_Problem details_.
Everything from the line with "After image 1, 6.1 s have passed." to the end of the entries should be set down exactly, except the pictures.

_Excerpted records_.
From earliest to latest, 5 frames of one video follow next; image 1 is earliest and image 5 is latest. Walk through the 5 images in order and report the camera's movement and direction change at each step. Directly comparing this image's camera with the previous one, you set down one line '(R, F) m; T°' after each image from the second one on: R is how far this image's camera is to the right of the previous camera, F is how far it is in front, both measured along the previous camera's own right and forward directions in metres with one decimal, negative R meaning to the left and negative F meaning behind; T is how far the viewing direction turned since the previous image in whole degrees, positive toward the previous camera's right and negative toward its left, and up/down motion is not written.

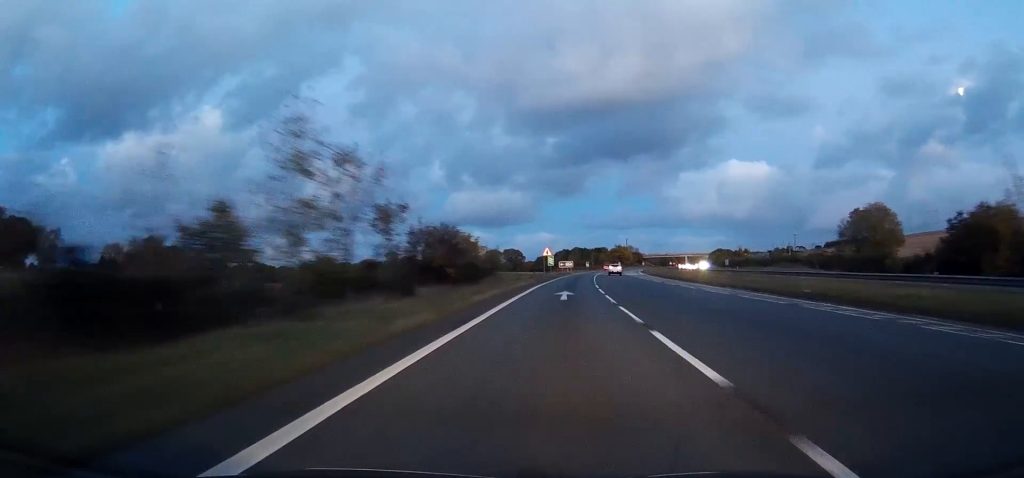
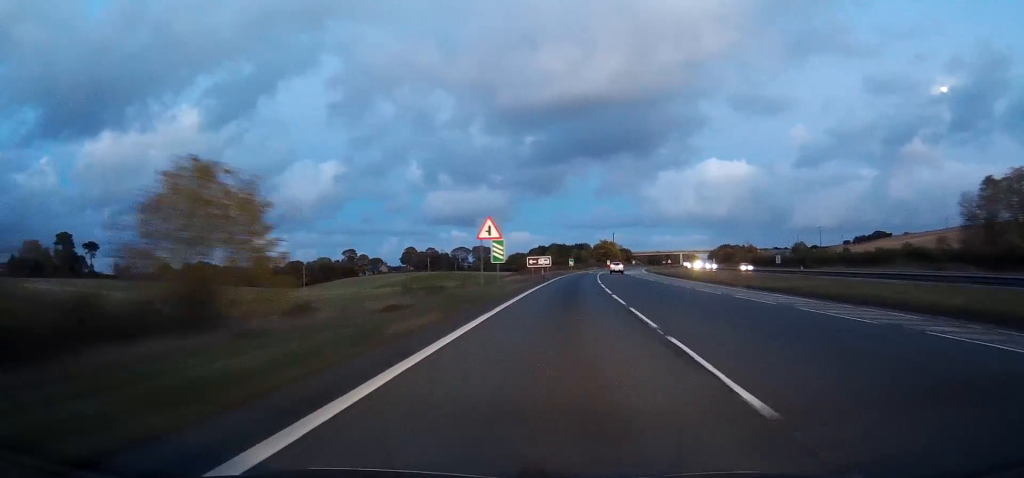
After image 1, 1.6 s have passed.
(+0.5, +54.8) m; +1°
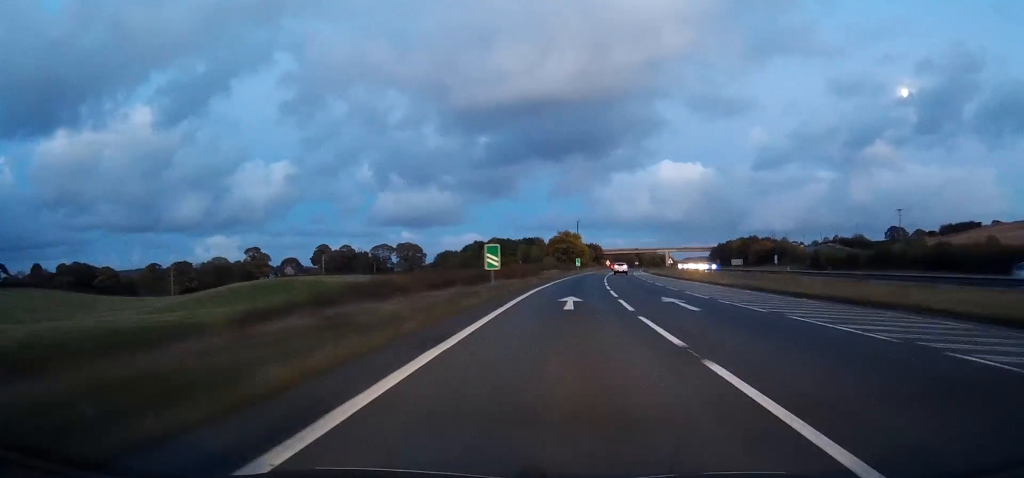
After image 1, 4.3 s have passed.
(+2.5, +92.3) m; +4°
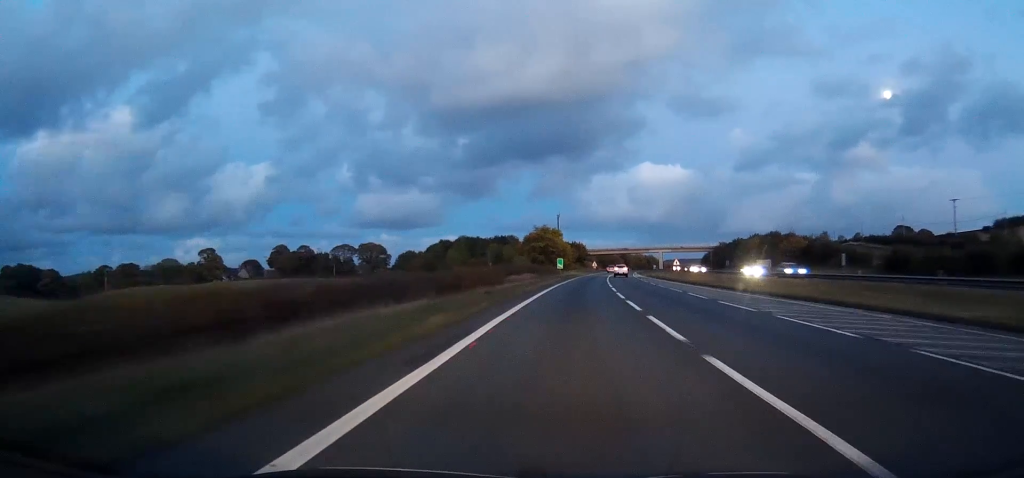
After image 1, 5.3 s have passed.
(+0.6, +34.3) m; +2°
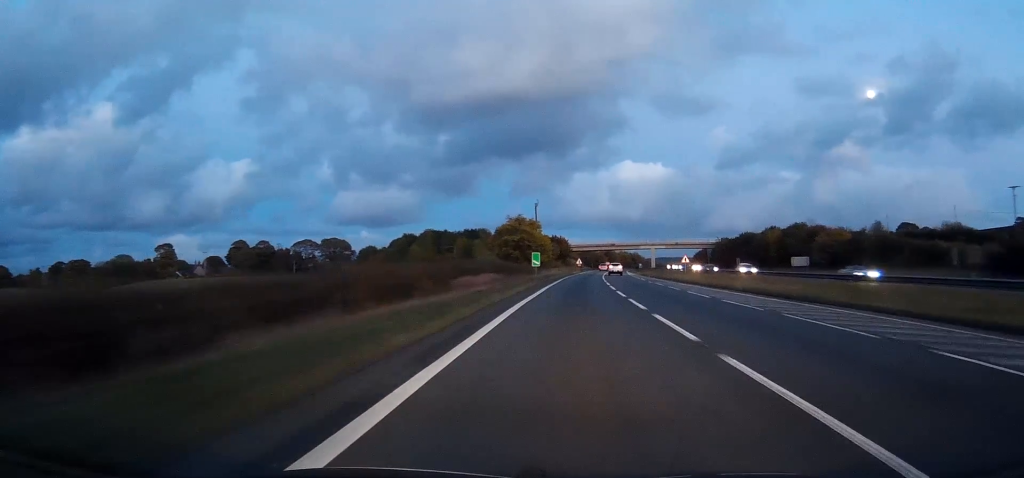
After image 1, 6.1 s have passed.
(+0.4, +27.5) m; +1°
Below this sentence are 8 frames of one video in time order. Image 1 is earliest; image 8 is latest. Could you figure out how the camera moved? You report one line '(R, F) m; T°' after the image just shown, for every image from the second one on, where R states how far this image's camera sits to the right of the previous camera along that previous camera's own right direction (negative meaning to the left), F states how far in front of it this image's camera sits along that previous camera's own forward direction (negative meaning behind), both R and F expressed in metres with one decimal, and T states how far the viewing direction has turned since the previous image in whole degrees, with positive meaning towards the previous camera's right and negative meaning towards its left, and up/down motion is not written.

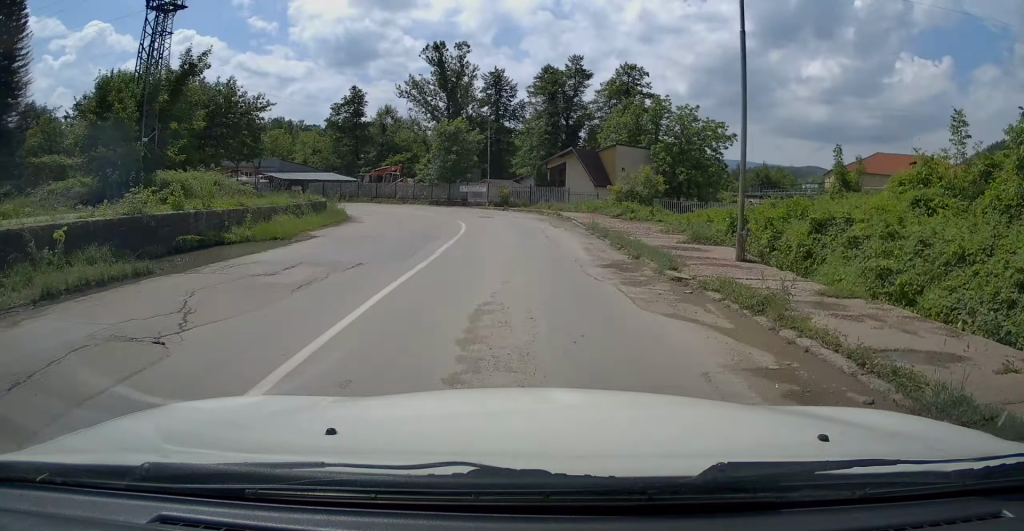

_Result for this exercise_.
After image 1, 6.1 s have passed.
(+0.4, +27.5) m; +1°
Below this sentence are 8 frames of one video in time order. Image 1 is earliest; image 8 is latest. Could you figure out how the camera moved? You report one line '(R, F) m; T°' after the image just shown, for every image from the second one on, where R states how far this image's camera sits to the right of the previous camera along that previous camera's own right direction (negative meaning to the left), F states how far in front of it this image's camera sits along that previous camera's own forward direction (negative meaning behind), both R and F expressed in metres with one decimal, and T states how far the viewing direction has turned since the previous image in whole degrees, with positive meaning towards the previous camera's right and negative meaning towards its left, and up/down motion is not written.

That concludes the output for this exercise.